Data Quality
Data quality and integrity checks with Deequ
Spark and Hadoop frameworks do not inherently guarantee data integrity. While it is very rare, you may observe some data corruption or missing data or duplicate data due to unexpected errors in the hardware and software stack. It is highly recommended that you validate the integrity and quality of your data atleast once after your job execution. It would be best to check for data correctness in multiple stages of your job - especially if your job is long-running.
The Spark and Hadoop frameworks don't ensure data integrity as a default feature. Although uncommon, instances of data corruption, loss, or duplication can occur due to unexplained issues within the underlying hardware and software infrastructure. To maintain data accuracy, it's strongly advised to verify the consistency of your data post-job completion. Ideally, this validation process should take place throughout various phases of your job, particularly when dealing with extended processing tasks.
In order to check data integrity, consider using Deequ for your Spark workloads. Following are some blogs that can help you get started with Deequ for Spark workloads.

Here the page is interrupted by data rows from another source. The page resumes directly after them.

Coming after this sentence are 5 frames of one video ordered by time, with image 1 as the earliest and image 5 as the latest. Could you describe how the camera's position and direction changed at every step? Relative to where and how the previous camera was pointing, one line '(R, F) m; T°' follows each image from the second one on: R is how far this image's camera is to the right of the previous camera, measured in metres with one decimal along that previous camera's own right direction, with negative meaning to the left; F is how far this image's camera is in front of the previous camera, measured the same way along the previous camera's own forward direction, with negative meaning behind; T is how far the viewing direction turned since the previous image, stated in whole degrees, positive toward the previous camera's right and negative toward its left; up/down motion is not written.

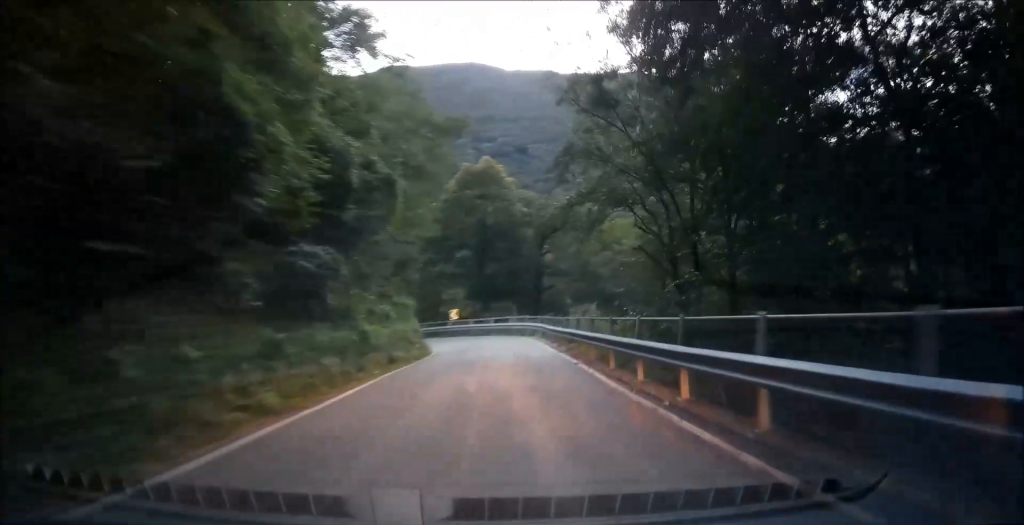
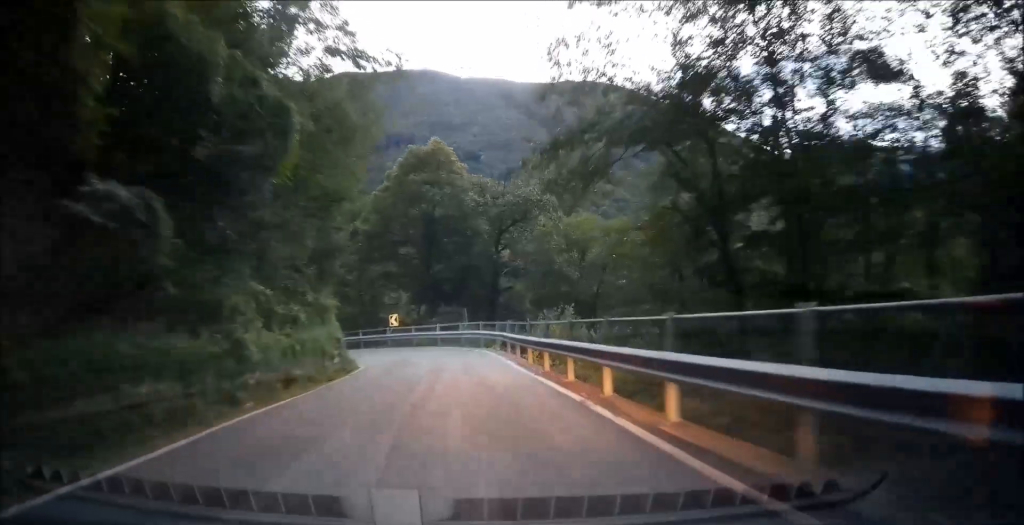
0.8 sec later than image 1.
(+0.4, +7.9) m; +4°
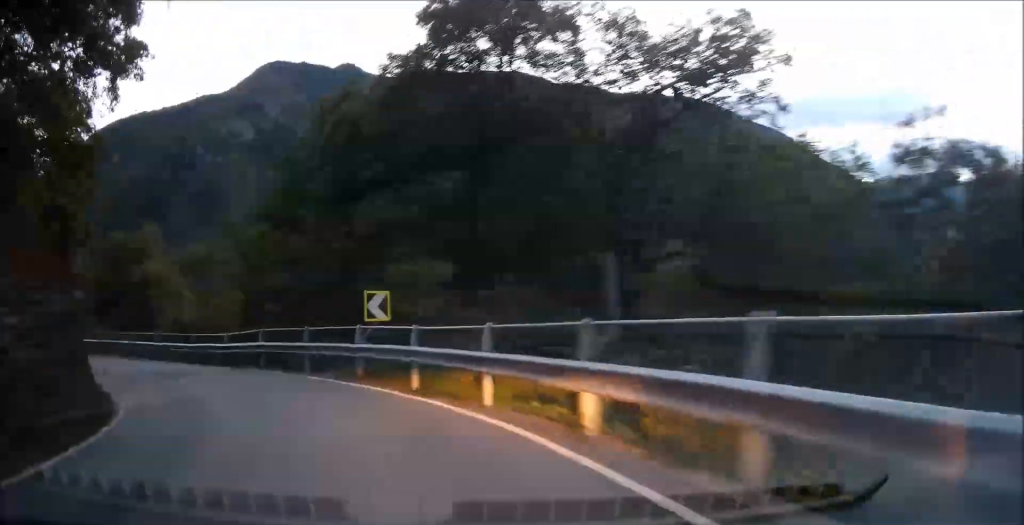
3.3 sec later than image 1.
(+0.8, +26.4) m; -2°
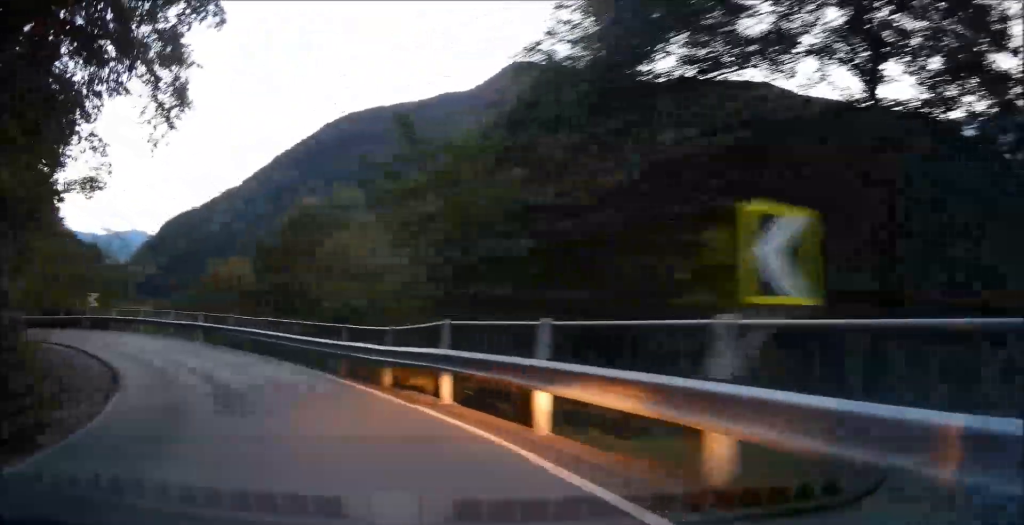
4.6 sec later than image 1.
(-0.8, +11.4) m; -9°
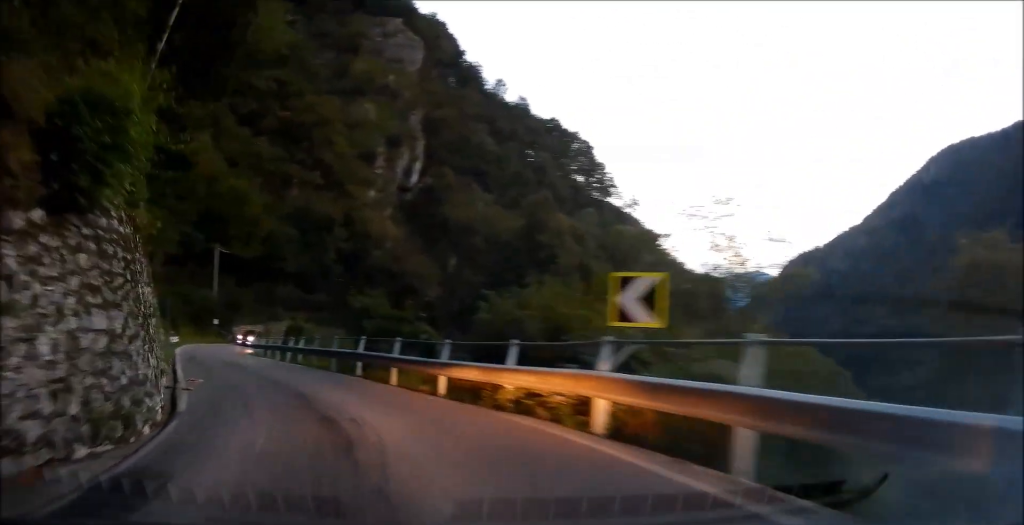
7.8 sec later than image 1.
(-15.1, +17.8) m; -66°

- Test data quality at scale with Deequ | AWS Big Data Blog
- Testing data quality at scale with PyDeequ | AWS Big Data Blog
Sometimes, you may have to write your own validation logic. For example, if you are doing a lot of calculations or aggregations, you will need to compute twice and compare the two results for accuracy. In other cases, you may also implement checksum on data computed and compare it with the checksum on data written to disk or S3. If you see unexpected results, then check your Spark UI and see if you are getting too many task failures from a single node by sorting the Task list based on "Status" and check for error message of failed tasks. If you are seeing too many random unexpected errors such as "ArrayIndexOutOfBounds" or checksum errors from a single node, then it may be possible that the node is impaired. Exclude or terminate this node and re-start your job.